01:22:00.114151 IP (tos 0x0, ttl 128, id 27412, offset 0, flags [DF], proto: TCP
(6), length: 40) my-ip.37875 > remote-ip.995: ., cksum 0x9082 (correct), ack
28951 win 15624
01:22:00.124821 IP (tos 0x0, ttl 119, id 62339, offset 0, flags [DF], proto: TCP
(6), length: 1452) remote-ip.995 > my-ip.37875: . 28951:30363(1412) ack 699 win 5840
01:22:00.124874 IP (tos 0x0, ttl 128, id 27413, offset 0, flags [DF], proto: TCP
(6), length: 40) my-ip.37875 > remote-ip.995: ., cksum 0x8973 (correct), ack
30363 win 16019
01:22:00.135950 IP (tos 0x0, ttl 119, id 62340, offset 0, flags [DF], proto: TCP
(6), length: 1452) remote-ip.995 > my-ip.37875: . 30363:31775(1412) ack 699 win 5840
01:22:00.135982 IP (tos 0x0, ttl 128, id 27414, offset 0, flags [DF], proto: TCP
(6), length: 40) my-ip.37875 > remote-ip.995: ., cksum 0x83ef (correct), ack
31775 win 16019
01:22:00.143790 IP (tos 0x0, ttl 119, id 62341, offset 0, flags [DF], proto: TCP
(6), length: 1102) remote-ip.995 > my-ip.37875: P 31775:32837(1062) ack 699 win 5840
01:22:00.143842 IP (tos 0x0, ttl 128, id 27415, offset 0, flags [DF], proto: TCP
(6), length: 40) my-ip.37875 > remote-ip.995: ., cksum 0x7fc9 (correct), ack
32837 win 16019


Comment 11 J. Adam Hough 2006-05-05 00:32:17 UTC
I am getting the same problems with this kernel 2.6.16-1.2107_FC5 on a IBM t41p
which uses the e1000 driver and on my home system which uses the forcedeth
driver  I however add a twist to this problem in that on my two work machines
with this same kernel using the tg3 driver do work.  My machines at work are on
the LSU network and my home machines are on the cox network here in Baton Rouge.
 I have not tried using my laptop at owrk with the lastest kernel.

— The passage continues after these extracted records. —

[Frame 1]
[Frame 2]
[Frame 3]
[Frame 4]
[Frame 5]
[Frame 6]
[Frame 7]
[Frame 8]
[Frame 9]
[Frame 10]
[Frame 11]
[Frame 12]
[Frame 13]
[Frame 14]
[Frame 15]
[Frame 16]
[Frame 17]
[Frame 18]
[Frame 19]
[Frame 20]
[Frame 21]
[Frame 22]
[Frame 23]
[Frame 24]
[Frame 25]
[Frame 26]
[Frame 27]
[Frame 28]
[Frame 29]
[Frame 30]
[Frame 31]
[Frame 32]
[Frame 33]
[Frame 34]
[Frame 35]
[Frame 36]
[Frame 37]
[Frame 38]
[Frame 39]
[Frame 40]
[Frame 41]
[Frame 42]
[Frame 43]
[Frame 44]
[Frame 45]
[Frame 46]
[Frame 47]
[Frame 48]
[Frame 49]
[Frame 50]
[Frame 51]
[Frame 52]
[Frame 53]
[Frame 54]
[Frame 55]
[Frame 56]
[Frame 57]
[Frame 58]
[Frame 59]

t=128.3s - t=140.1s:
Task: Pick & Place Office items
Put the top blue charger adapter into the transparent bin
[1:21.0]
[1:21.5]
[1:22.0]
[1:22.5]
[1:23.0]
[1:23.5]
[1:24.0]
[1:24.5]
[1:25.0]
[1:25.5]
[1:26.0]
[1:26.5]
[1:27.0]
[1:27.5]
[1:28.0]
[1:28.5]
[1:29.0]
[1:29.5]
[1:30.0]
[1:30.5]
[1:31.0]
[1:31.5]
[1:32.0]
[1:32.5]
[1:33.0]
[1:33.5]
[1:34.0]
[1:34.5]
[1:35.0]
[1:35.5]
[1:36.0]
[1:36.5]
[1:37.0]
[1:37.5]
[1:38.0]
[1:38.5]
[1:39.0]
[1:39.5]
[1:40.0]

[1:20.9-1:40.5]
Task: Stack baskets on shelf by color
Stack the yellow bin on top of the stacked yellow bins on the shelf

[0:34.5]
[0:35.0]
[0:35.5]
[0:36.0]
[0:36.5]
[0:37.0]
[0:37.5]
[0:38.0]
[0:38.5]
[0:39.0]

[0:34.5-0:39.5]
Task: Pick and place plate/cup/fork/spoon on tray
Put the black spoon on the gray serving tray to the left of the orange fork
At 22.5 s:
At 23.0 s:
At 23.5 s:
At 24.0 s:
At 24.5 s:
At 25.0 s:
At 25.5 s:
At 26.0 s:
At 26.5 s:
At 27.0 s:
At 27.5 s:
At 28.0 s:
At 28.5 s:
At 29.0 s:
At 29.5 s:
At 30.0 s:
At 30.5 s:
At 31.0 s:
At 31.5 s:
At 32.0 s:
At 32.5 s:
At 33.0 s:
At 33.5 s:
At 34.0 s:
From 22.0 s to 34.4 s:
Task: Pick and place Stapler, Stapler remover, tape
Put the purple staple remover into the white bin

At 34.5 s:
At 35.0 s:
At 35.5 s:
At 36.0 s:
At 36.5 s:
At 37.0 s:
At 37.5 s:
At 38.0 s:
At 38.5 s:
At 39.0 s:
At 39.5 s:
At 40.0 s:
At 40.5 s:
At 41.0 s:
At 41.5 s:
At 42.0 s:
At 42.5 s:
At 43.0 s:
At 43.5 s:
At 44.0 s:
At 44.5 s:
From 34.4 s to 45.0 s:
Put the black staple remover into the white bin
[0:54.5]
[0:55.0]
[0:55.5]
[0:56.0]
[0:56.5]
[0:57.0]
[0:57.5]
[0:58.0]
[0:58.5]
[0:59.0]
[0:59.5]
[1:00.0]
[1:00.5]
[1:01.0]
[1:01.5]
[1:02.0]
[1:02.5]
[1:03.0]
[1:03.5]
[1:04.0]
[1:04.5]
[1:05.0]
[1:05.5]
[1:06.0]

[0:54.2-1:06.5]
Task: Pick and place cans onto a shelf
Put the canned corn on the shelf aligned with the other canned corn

From my home I am able to do dns lookups pings and the initial http handshake.

Reverting to the previous kernel 2.6.16-1.2096_FC5 does restore connectivity.

Comment 12 David Highley 2006-05-05 03:42:29 UTC
I can confirm that it appears to be network related and it does not matter
whether you define the network paramters or use dhcp.

Note with what appears to be a new update process of removing previous kernels
leaving one previous; if we get two bad kernels in a row the systems will be toast.

Comment 13 Brian Daniels 2006-05-05 12:54:47 UTC
>if we get two bad kernels in a row the systems will be toast.

My understanding is that you can avoid this by editing (as root): 
/etc/yum/pluginconf.d/installonlyn.conf

Change 
tokeep = 2

to however many kernels you want to keep on the system.

Comment 14 Russ Price 2006-05-05 20:46:13 UTC
Problem appears fixed in 2111.

Comment 15 Stanis Trendelenburg 2006-05-05 21:04:51 UTC
2.6.16-1.2111_FC5 fixed it for me, too.